Vishal Gupta and Gurpreet Singh Lehal. Article: Named Entity Recognition for Punjabi Language Text Summarization. International Journal of Computer Applications 33(3):28-32, November 2011. Full text available. BibTeX

@article{key:article,
	author = {Vishal Gupta and Gurpreet Singh Lehal},
	title = {Article: Named Entity Recognition for Punjabi Language Text Summarization},
	journal = {International Journal of Computer Applications},
	year = {2011},
	volume = {33},
	number = {3},
	pages = {28-32},
	month = {November},
	note = {Full text available}
}

Abstract

Named Entity Recognition (NER) is used to locate and classify atomic elements in text into predetermined classes such as the names of persons, organizations, locations, concepts etc.
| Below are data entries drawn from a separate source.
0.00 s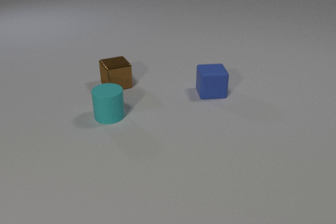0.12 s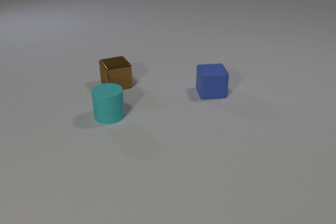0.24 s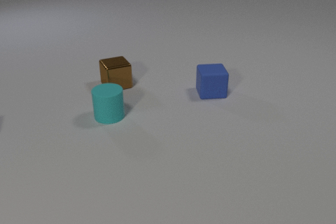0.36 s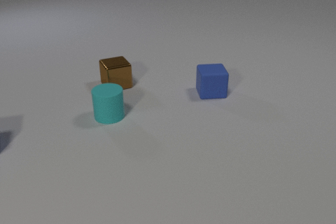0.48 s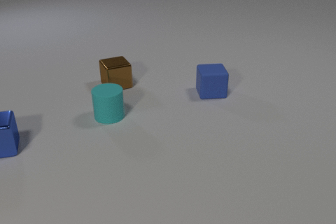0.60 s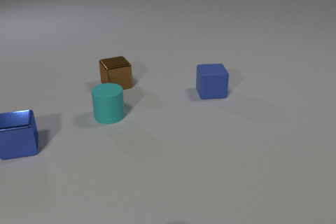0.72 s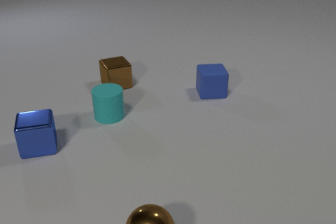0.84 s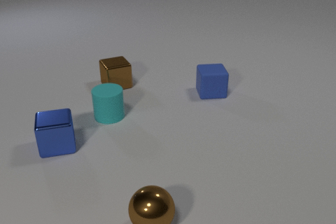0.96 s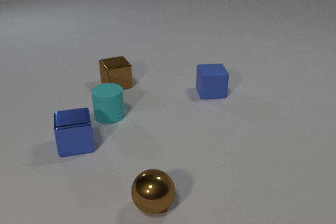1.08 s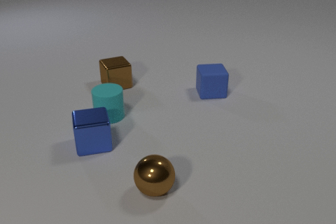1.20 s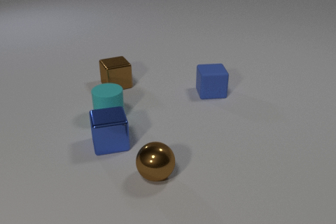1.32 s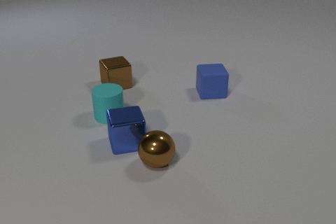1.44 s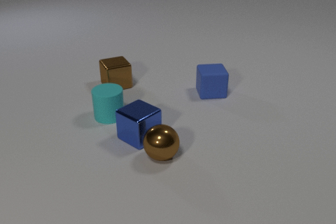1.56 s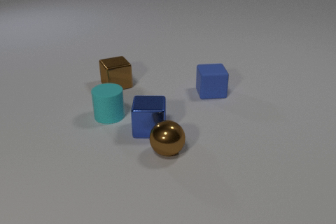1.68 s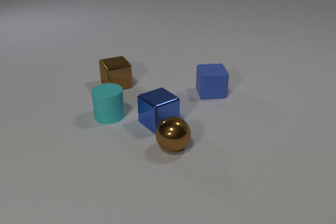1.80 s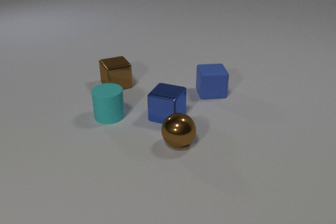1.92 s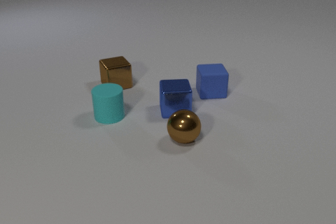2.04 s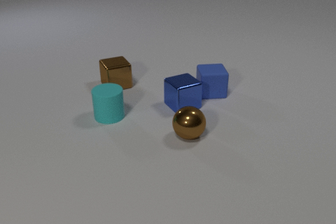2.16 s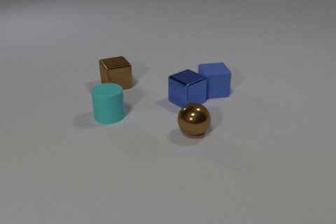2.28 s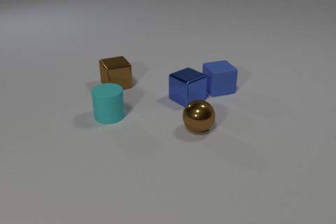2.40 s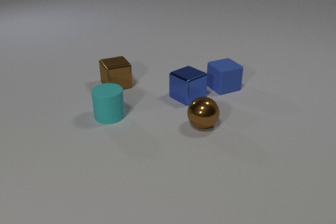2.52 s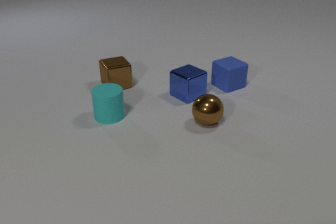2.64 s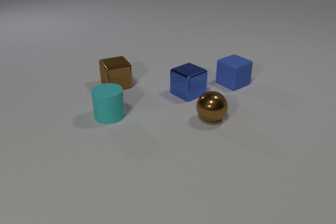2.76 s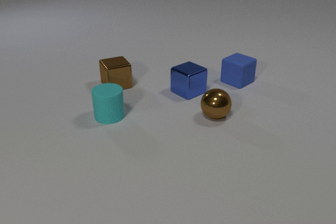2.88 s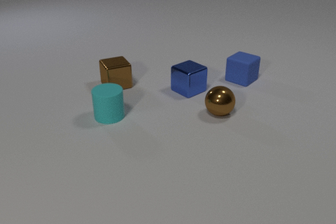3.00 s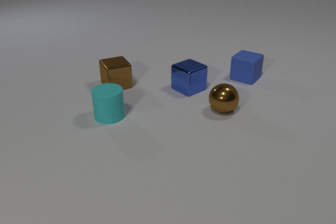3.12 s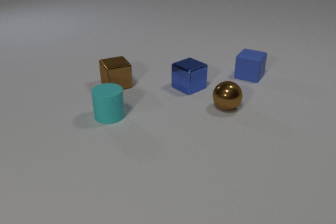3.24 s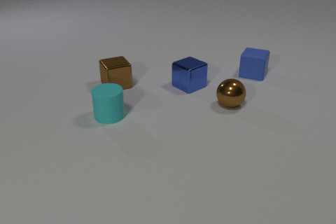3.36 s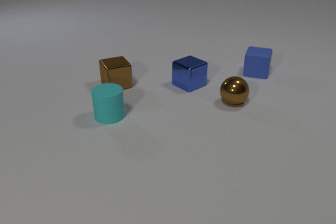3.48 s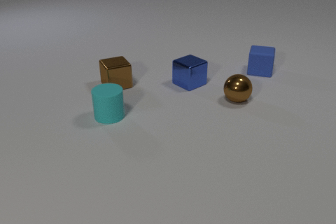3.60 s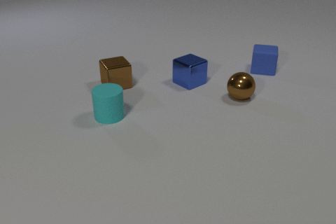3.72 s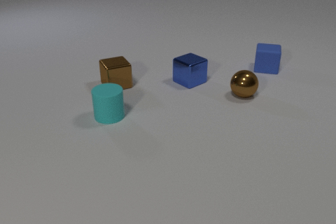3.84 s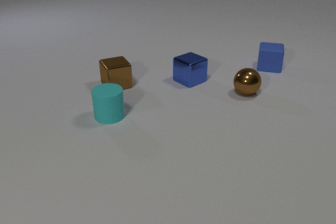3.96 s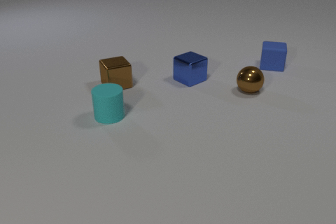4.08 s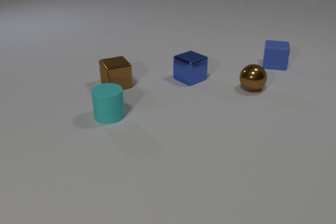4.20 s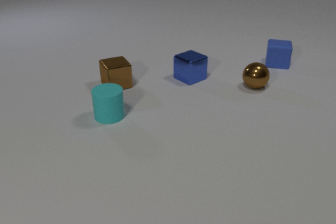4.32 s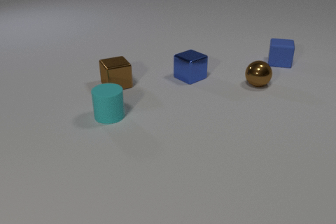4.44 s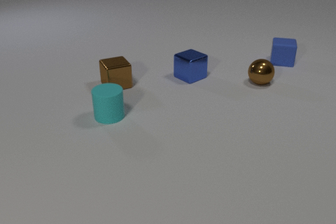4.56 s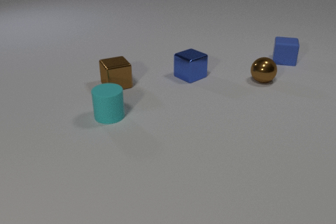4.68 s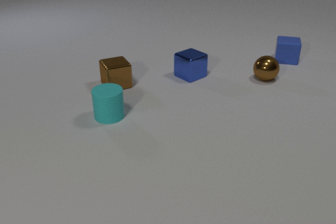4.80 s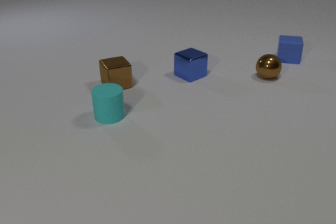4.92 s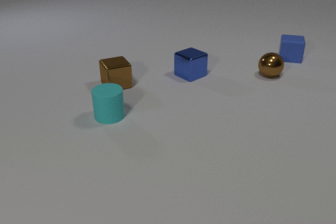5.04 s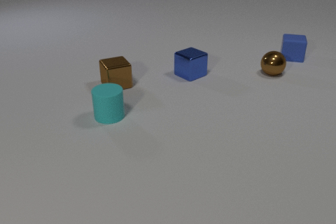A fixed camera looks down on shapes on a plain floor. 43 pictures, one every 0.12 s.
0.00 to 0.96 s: The blue metal cube comes in at the left edge, slides to the right. The brown metal sphere comes in at the bottom edge, rolls away from the camera.
0.96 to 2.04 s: The blue metal cube slides to the right and away from the camera. The brown metal sphere rolls away from the camera. The blue metal cube and the brown metal sphere collide.
2.04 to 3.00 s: The blue metal cube slides away from the camera. The brown metal sphere rolls away from the camera and to the right. The blue rubber cube slides away from the camera and to the right, spins counterclockwise seen from above by about 45 degrees, its near face sliding to the right. The blue metal cube and the blue rubber cube collide.
3.00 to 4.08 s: The blue metal cube slides away from the camera. The brown metal sphere rolls away from the camera and to the right. The blue rubber cube slides away from the camera and to the right, spins so that its near face slides to the right, counterclockwise seen from above.
4.08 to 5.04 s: The blue metal cube slides away from the camera. The brown metal sphere rolls away from the camera and to the right. The blue rubber cube slides away from the camera and to the right.
How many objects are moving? 3.
What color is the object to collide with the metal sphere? blue.
Are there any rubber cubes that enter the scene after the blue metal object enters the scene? no.
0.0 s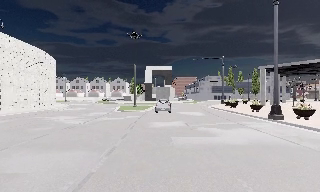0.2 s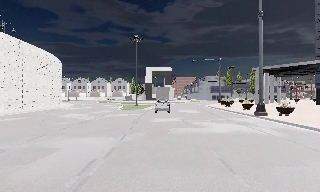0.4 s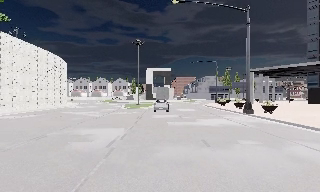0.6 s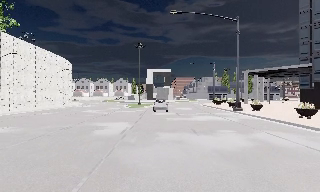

NER is used in many applications like text summarization, text classification, question answering and machine translation systems etc. For English a lot of work has already done in field of NER, where capitalization is a major clue for rules, whereas Indian Languages do not have such feature. This makes the task difficult for Indian languages. This paper explains the Named Entity Recognition System for Punjabi language text summarization. A Condition based approach has been used for developing NER system for Punjabi language. Various rules have been developed like prefix rule, suffix rule, propername rule, middlename rule and lastname rule. For implementing NER, various resources in Punjabi, have been developed like a list of prefix names, a list of suffix names, a list of proper names, middle names and last names. The Precision, Recall and F-Score for condition based NER approach are 89.32%, 83.4% and 86.25% respectively.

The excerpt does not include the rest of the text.